____ Source data

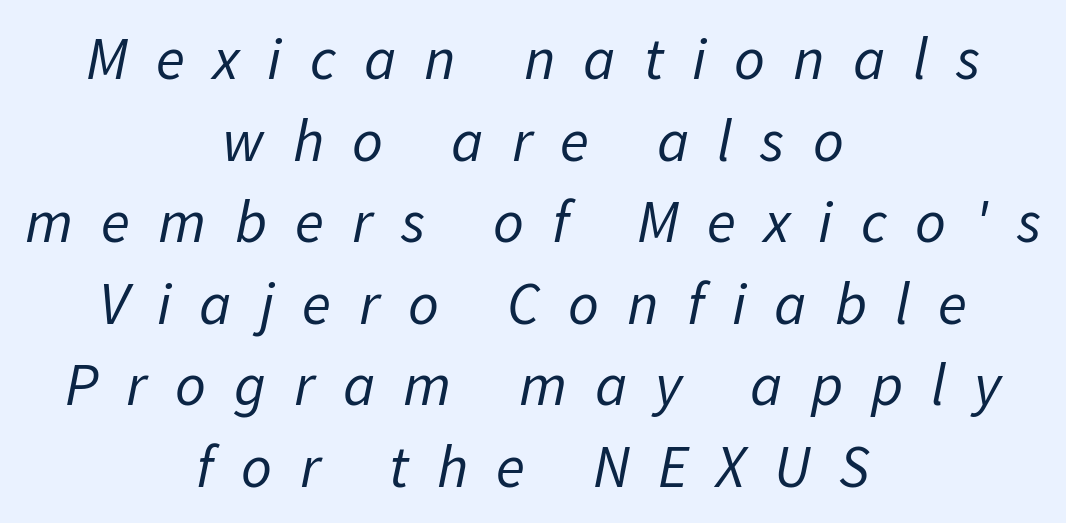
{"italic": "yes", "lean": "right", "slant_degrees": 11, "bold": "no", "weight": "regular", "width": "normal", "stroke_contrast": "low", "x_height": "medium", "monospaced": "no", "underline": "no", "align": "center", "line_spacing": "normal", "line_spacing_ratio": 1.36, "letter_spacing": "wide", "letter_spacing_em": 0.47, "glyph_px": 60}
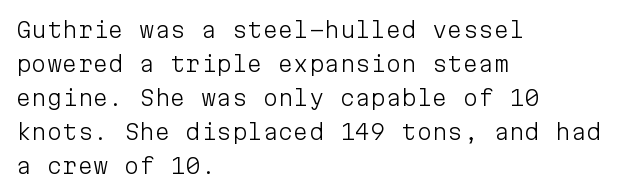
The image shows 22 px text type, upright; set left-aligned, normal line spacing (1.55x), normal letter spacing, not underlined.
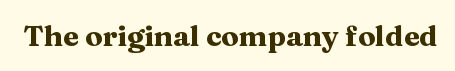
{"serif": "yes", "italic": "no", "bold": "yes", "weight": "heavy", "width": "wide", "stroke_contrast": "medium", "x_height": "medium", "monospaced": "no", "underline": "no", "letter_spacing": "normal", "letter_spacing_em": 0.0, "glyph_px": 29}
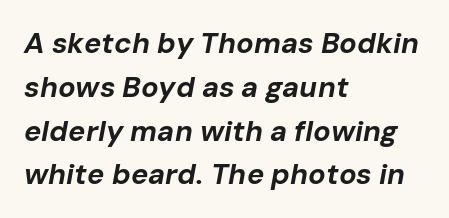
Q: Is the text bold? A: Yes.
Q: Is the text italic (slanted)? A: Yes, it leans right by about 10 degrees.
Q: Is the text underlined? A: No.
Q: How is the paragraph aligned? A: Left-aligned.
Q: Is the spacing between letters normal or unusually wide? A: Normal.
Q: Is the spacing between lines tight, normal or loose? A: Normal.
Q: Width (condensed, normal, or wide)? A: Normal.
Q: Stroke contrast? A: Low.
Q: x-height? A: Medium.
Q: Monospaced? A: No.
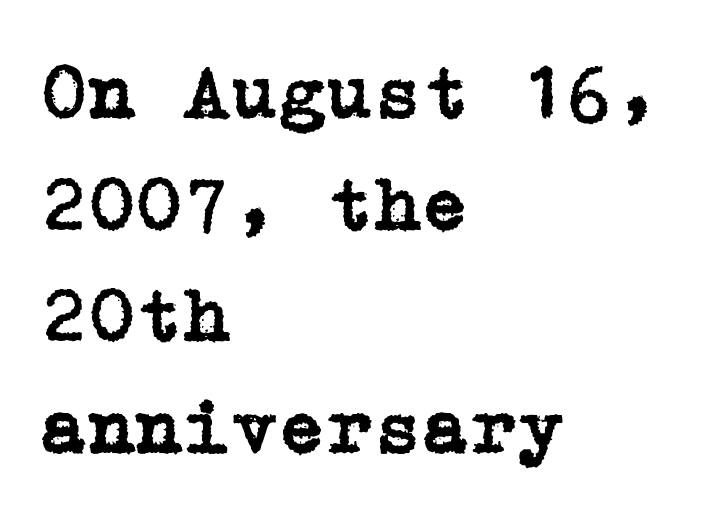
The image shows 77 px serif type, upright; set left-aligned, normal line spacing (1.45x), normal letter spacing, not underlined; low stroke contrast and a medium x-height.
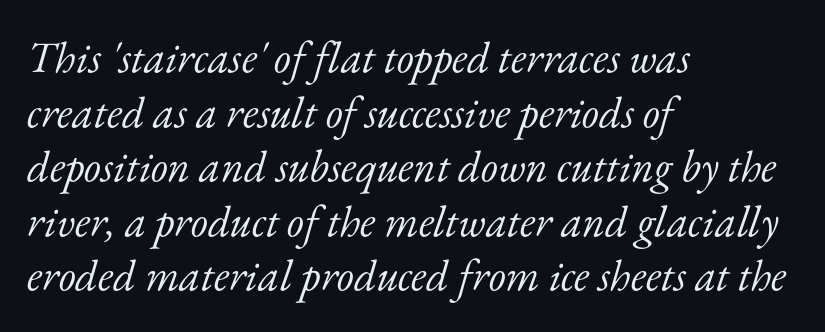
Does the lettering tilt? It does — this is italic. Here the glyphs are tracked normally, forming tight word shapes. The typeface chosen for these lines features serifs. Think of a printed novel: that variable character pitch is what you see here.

________

**Aim of the task:**
Restate every record above word for word, without images.

**Result of the task:**
{"italic": "yes", "lean": "right", "slant_degrees": 11, "bold": "no", "weight": "regular", "width": "normal", "stroke_contrast": "low", "x_height": "medium", "monospaced": "no", "underline": "no", "align": "center", "line_spacing": "normal", "line_spacing_ratio": 1.36, "letter_spacing": "wide", "letter_spacing_em": 0.47, "glyph_px": 60}
The image shows 22 px text type, upright; set left-aligned, normal line spacing (1.55x), normal letter spacing, not underlined.
{"serif": "yes", "italic": "no", "bold": "yes", "weight": "heavy", "width": "wide", "stroke_contrast": "medium", "x_height": "medium", "monospaced": "no", "underline": "no", "letter_spacing": "normal", "letter_spacing_em": 0.0, "glyph_px": 29}
Q: Is the text bold? A: Yes.
Q: Is the text italic (slanted)? A: Yes, it leans right by about 10 degrees.
Q: Is the text underlined? A: No.
Q: How is the paragraph aligned? A: Left-aligned.
Q: Is the spacing between letters normal or unusually wide? A: Normal.
Q: Is the spacing between lines tight, normal or loose? A: Normal.
Q: Width (condensed, normal, or wide)? A: Normal.
Q: Stroke contrast? A: Low.
Q: x-height? A: Medium.
Q: Monospaced? A: No.
The image shows 77 px serif type, upright; set left-aligned, normal line spacing (1.45x), normal letter spacing, not underlined; low stroke contrast and a medium x-height.
Does the lettering tilt? It does — this is italic. Here the glyphs are tracked normally, forming tight word shapes. The typeface chosen for these lines features serifs. Think of a printed novel: that variable character pitch is what you see here.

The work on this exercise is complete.